Start of Data shown

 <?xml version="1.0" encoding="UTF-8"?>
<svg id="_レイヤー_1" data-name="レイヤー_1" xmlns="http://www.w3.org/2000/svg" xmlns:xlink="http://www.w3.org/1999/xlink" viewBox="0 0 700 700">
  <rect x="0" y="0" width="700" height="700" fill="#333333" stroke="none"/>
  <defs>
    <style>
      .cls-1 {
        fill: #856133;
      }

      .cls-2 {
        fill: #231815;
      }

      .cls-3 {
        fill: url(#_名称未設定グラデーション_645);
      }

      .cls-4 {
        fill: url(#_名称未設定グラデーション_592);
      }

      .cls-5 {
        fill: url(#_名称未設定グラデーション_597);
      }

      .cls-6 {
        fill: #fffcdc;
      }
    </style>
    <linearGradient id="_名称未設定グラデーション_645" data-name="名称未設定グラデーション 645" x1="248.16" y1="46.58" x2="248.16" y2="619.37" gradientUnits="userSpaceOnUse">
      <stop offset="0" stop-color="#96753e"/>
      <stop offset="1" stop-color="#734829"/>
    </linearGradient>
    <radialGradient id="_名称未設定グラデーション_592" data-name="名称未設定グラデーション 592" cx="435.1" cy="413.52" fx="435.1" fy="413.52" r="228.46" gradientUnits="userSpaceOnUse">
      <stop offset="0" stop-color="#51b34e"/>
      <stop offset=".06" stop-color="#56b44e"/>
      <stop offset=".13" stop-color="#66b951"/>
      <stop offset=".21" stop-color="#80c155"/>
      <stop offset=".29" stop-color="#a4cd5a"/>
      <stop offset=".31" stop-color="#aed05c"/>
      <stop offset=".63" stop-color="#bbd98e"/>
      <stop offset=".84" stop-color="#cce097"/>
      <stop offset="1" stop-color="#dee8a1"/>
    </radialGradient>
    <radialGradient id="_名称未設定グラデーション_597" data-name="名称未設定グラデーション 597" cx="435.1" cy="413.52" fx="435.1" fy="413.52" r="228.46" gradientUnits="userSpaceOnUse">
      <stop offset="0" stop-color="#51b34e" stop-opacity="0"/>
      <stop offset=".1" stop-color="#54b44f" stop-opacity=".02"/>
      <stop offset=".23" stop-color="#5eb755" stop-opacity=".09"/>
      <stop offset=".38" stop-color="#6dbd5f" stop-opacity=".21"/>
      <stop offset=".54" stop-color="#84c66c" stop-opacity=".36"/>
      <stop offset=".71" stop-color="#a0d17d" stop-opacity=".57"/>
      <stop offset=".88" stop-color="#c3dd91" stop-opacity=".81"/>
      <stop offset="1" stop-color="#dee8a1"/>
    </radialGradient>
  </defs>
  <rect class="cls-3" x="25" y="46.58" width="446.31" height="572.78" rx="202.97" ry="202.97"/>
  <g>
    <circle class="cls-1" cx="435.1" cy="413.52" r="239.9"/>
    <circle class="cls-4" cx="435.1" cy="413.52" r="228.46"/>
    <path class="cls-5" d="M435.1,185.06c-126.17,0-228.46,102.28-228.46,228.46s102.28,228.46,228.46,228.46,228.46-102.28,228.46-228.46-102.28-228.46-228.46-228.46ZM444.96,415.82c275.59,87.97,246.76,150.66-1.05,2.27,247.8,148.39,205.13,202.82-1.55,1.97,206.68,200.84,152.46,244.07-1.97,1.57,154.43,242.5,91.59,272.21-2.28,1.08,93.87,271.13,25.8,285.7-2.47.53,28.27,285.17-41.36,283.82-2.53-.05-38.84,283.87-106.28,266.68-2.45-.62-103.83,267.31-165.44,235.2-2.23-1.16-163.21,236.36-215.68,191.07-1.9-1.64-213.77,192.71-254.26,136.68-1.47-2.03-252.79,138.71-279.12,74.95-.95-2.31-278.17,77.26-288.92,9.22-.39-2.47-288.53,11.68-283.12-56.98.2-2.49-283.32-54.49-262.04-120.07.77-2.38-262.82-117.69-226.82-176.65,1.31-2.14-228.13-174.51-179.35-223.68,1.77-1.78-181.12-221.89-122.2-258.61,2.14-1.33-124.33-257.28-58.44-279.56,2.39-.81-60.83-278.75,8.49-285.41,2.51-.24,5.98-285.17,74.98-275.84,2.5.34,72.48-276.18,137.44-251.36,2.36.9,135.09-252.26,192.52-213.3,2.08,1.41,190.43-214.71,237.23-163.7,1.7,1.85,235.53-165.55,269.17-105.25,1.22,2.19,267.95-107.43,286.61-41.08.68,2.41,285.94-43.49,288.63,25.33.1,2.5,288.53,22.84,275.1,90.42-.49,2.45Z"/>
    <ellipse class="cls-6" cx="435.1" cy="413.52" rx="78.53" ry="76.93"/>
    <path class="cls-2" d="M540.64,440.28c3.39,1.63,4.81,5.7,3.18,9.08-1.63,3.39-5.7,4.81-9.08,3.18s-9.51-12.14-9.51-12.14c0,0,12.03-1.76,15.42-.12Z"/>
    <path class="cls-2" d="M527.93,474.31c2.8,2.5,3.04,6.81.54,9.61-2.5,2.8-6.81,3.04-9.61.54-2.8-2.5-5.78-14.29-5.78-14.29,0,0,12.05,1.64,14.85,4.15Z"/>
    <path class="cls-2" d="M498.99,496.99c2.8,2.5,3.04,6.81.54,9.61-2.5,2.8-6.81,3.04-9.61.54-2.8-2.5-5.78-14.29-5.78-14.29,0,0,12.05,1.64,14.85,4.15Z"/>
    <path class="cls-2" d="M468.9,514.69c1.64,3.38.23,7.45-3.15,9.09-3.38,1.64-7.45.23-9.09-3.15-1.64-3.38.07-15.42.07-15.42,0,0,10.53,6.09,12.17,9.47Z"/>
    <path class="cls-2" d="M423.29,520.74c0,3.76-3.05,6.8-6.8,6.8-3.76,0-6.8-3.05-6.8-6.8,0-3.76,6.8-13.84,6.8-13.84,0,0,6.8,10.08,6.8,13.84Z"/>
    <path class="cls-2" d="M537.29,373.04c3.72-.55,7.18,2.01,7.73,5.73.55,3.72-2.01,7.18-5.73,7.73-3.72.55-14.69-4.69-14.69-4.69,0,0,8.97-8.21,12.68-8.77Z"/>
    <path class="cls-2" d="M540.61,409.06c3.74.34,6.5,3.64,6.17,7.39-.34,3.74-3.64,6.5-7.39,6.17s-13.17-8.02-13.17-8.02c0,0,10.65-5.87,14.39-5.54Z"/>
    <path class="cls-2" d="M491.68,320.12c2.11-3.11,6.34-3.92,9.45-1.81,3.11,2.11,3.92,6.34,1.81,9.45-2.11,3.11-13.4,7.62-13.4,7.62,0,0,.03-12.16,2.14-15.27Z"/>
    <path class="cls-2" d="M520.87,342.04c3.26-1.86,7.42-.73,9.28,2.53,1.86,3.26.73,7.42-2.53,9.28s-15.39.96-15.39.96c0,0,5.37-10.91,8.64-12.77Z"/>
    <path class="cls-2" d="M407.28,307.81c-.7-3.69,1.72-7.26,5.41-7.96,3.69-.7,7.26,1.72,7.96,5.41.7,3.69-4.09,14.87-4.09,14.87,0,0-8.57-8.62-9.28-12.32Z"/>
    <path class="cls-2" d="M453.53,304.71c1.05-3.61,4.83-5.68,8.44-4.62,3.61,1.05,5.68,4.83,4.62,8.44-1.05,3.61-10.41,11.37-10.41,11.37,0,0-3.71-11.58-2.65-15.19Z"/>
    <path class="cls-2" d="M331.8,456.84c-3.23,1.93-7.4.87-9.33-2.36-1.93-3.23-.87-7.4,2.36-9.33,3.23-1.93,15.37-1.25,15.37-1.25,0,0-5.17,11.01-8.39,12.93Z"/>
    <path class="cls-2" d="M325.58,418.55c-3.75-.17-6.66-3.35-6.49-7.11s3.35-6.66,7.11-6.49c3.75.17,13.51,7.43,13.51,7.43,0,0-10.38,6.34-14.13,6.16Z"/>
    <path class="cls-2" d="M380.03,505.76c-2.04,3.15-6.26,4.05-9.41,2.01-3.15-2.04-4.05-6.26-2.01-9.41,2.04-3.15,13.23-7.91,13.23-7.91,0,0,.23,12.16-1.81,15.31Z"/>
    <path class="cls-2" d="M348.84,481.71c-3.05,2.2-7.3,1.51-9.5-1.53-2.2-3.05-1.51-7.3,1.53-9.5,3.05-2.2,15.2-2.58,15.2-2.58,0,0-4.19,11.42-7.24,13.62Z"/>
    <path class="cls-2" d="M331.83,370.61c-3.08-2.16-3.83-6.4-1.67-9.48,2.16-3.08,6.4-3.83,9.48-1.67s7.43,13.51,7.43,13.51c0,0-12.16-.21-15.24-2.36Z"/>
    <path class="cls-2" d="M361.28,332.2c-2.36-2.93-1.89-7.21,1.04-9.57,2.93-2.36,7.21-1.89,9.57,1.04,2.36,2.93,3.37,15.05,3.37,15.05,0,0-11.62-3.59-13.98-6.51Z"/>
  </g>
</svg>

End of Data shown

**Your task**
Every line holding the word "gradientUnits" should be copied out of the records above.

**Result of this exercise**
    <linearGradient id="_名称未設定グラデーション_645" data-name="名称未設定グラデーション 645" x1="248.16" y1="46.58" x2="248.16" y2="619.37" gradientUnits="userSpaceOnUse">
    <radialGradient id="_名称未設定グラデーション_592" data-name="名称未設定グラデーション 592" cx="435.1" cy="413.52" fx="435.1" fy="413.52" r="228.46" gradientUnits="userSpaceOnUse">
    <radialGradient id="_名称未設定グラデーション_597" data-name="名称未設定グラデーション 597" cx="435.1" cy="413.52" fx="435.1" fy="413.52" r="228.46" gradientUnits="userSpaceOnUse">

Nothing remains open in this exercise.